A codebook defining all the variables used in both story content and site level coding for all the sites selected was developed.  Coders were extensively trained.  Agreement for all of the variables reached 67% or higher. One equaled 67%, two were between 70% and 75%, four were between 76% and 80%, three were between 81% and 85%, and the rest were greater than 95%. The five coders coded 707 story content postings, after achieving an overall reliability of 94.5%.

Three coders coded all of the site-level postings using a total of 41 variables. Agreement reached 72% or higher. Two were at 72%, three were between 77% and 79%, four were between 83% and 85%, twelve were at 86%, five were between 87% and 89%, and the rest were 90% or greater. The three coders coded 363 site-level postings after achieving an overall reliability of 91.45%. The Scott’s Pi formula was used in the calculation.

The method for the follow-up surveys with site owners is explained as follows:

To gain more insight about citizen journalist/blogger site operators, we attempted to find phone numbers for all 205 citizen sites.  Surprisingly, many of the sites offered no way to either identify the site owner or get in touch with him or her.  It was reported to us that many of these owners intentionally hide their access because they fear negative input from the public.  Twenty-six phone numbers were found by contacting the site owners by e-mail or an online form.  Three numbers were found through white pages based on the name of the blogger/owner found on the site.  We identified 129 phone numbers of site owners.  Of these, 91 site owners were willing to be interviewed.  This is a response rate of 71%. 


Footnotes

1. Data from 2009 indicate that the three evening networks reach about 22 million viewers and the three morning newscasts average about 12.7 million people daily.

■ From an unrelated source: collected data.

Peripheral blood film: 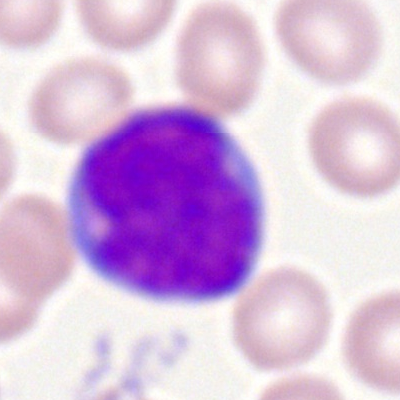Myeloblast.
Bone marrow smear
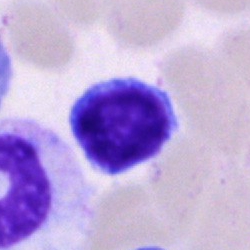

Impression → typical lymphocyte.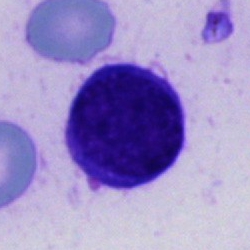
Cell: cell of indeterminate lineage.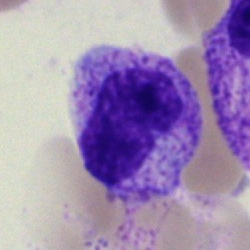
Bone marrow smear showing a metamyelocyte.
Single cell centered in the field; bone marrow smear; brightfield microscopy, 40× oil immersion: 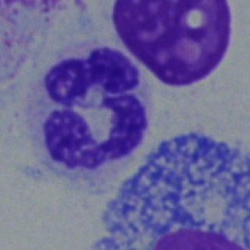
Morphology consistent with a polymorphonuclear neutrophil.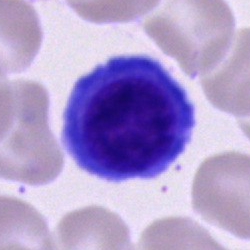Single-cell crop from a bone marrow smear: plasma cell.
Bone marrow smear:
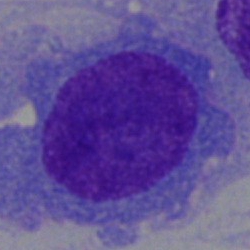

Specimen: bone marrow smear.
Classification: plasma cell.
Lineage: lymphoid.
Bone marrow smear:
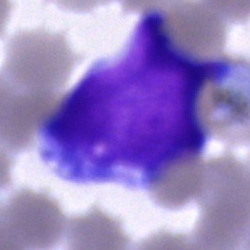 Single cell identified as a blast.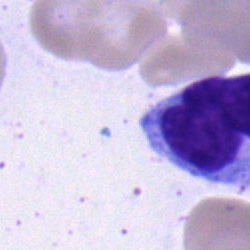 Cell type: monocyte.
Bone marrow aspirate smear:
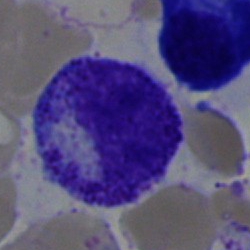 Q: What type of cell is this?
A: It is a myelocyte.
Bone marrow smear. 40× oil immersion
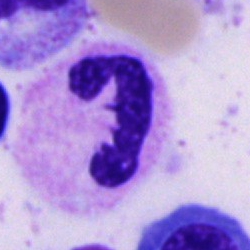

The morphological class is neutrophil (segmented).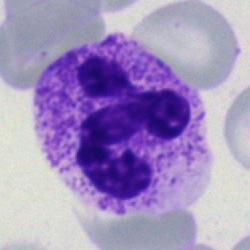 Q: What is shown here?
A: A segmented neutrophil.
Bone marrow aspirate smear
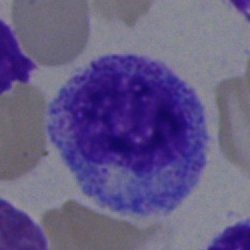Cell: progranulocyte.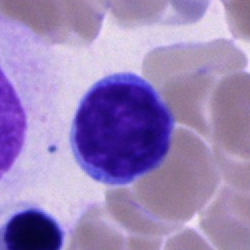
The cell type is typical lymphocyte.
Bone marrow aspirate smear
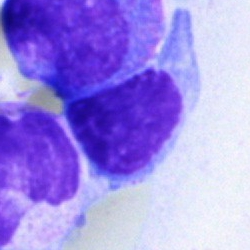Impression — lymphocyte.
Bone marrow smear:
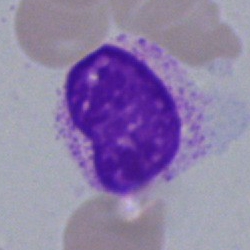Showing an artefact.
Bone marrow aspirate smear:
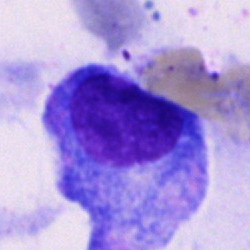 Q: What is the morphological classification of this cell?
A: A progranulocyte.

Nielsen Media Research, used under license.

2. Data from 2009 indicate that 3.9 million viewers watch cable news during prime time hours and over 2 million watch during daytime hours. PEJ Analysis of Nielsen Media Research, used under license.

3. For August 2009, the O’Reilly Factor averaged 3.4 million viewers a night while Larry King Live averaged 1.1 million viewers. Nielsen Media Research on Media Bistro.com.

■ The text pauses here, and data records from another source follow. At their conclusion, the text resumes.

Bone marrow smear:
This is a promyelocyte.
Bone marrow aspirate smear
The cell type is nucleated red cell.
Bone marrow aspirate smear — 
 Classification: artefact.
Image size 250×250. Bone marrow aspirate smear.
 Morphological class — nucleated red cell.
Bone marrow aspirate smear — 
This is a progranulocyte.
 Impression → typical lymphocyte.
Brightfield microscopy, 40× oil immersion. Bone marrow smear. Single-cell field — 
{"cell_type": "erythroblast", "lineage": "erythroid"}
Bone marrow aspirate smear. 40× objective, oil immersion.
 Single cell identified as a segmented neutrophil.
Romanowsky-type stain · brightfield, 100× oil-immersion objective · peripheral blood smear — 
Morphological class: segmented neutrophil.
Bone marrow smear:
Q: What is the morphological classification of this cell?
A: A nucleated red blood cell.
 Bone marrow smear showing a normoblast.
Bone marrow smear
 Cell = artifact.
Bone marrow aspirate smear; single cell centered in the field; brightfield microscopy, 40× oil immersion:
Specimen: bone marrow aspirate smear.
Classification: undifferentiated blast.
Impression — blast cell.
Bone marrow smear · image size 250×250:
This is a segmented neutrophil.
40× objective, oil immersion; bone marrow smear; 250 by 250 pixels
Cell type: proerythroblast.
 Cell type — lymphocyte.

4. For 2008, circulation numbers indicate that 48 million people buy a newspaper each weekday. 2008 Editor and Publisher Yearbook Data.

5. According to the December 2007 survey, 27% of adults go online for news each day. Pew Internet, December 2007 survey. A more recent survey shows that 37% of Americans regularly go online for news. Pew Research Center for the People and the Press, July 2008 survey.

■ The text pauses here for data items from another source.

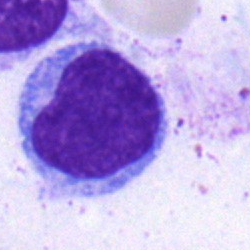Q: Which cell type is shown here?
A: Typical lymphocyte.
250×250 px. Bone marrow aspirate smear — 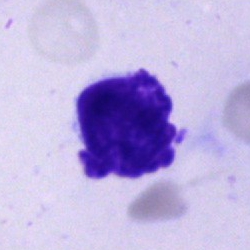
The cell shown is an artifact.
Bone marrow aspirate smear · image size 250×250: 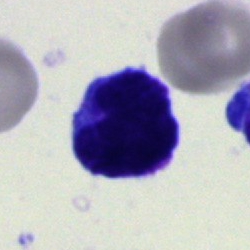Showing an undifferentiated blast.
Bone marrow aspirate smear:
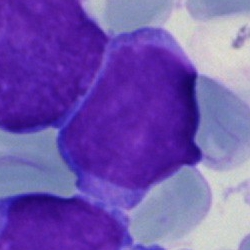
Q: Identify the cell.
A: A blast cell.
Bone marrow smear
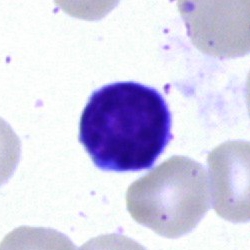Cell: lymphocyte.
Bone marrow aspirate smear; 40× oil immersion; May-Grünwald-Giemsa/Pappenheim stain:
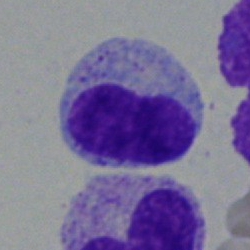

A metamyelocyte.
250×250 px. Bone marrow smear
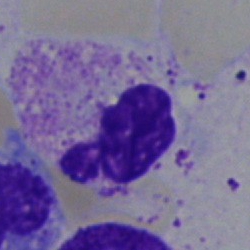The cell shown is a neutrophil (segmented).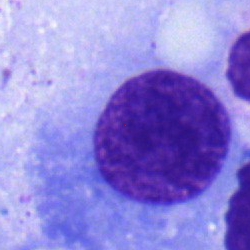
Morphological class — plasmacyte.
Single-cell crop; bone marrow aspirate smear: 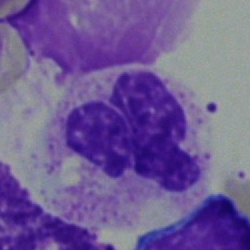

Eosinophilic granulocyte.
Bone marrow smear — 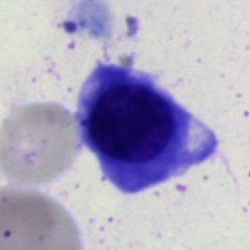
This is a nucleated red cell.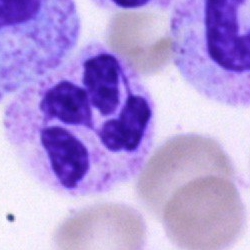Showing a polymorphonuclear neutrophil.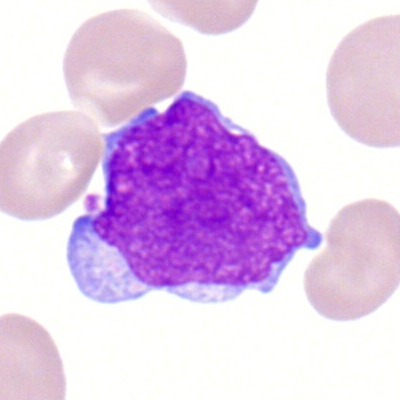

Q: Which cell type is shown here?
A: This is a myeloid blast.
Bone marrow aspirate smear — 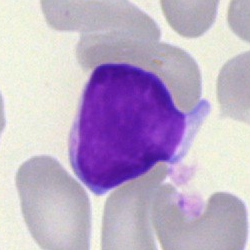

Showing a typical lymphocyte.
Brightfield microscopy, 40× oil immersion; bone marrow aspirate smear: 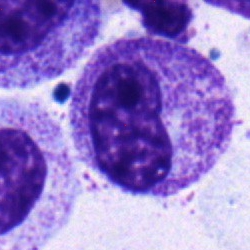 Single cell identified as a metamyelocyte.
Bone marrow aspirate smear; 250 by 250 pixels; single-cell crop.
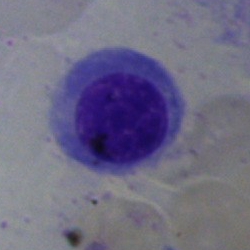 Q: What cell is this?
A: This is an erythroblast.
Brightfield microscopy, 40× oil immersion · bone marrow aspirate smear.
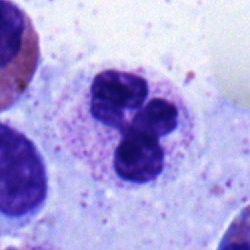 A neutrophil (segmented).
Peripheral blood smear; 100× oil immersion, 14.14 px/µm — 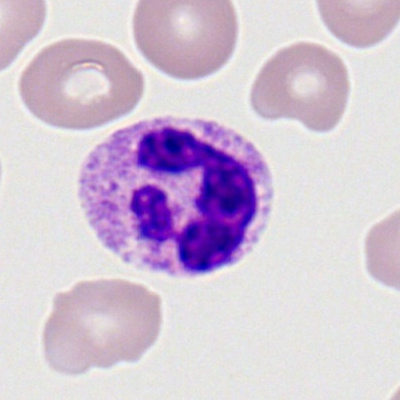 Classification — neutrophil (segmented).

6. Pew Internet, 2005 survey.

7. By the spring of 2007, 93% of the population 12 and older listened to radio on a weekly basis. Arbitron ratings, Spring 2007. Radio reaches 235 million Americans over the course of a week. Arbitron ratings, March 2008.

8. Arbitron, “Radio Today: How Americans Listen to Radio, 2007 Edition,” April 13, 2007. March 2008 data show that News/Talk is the top or  second-leading category of listening in every region of the country except one, ranking it as the most popular of all measured radio formats. Arbitron ratings, March 2008.

9. Current ratings data available at Talkers Magazine online.

10. Kimberly A. Neuendorf, “The Content Analysis Guidebook,” Sage Publications, 2002.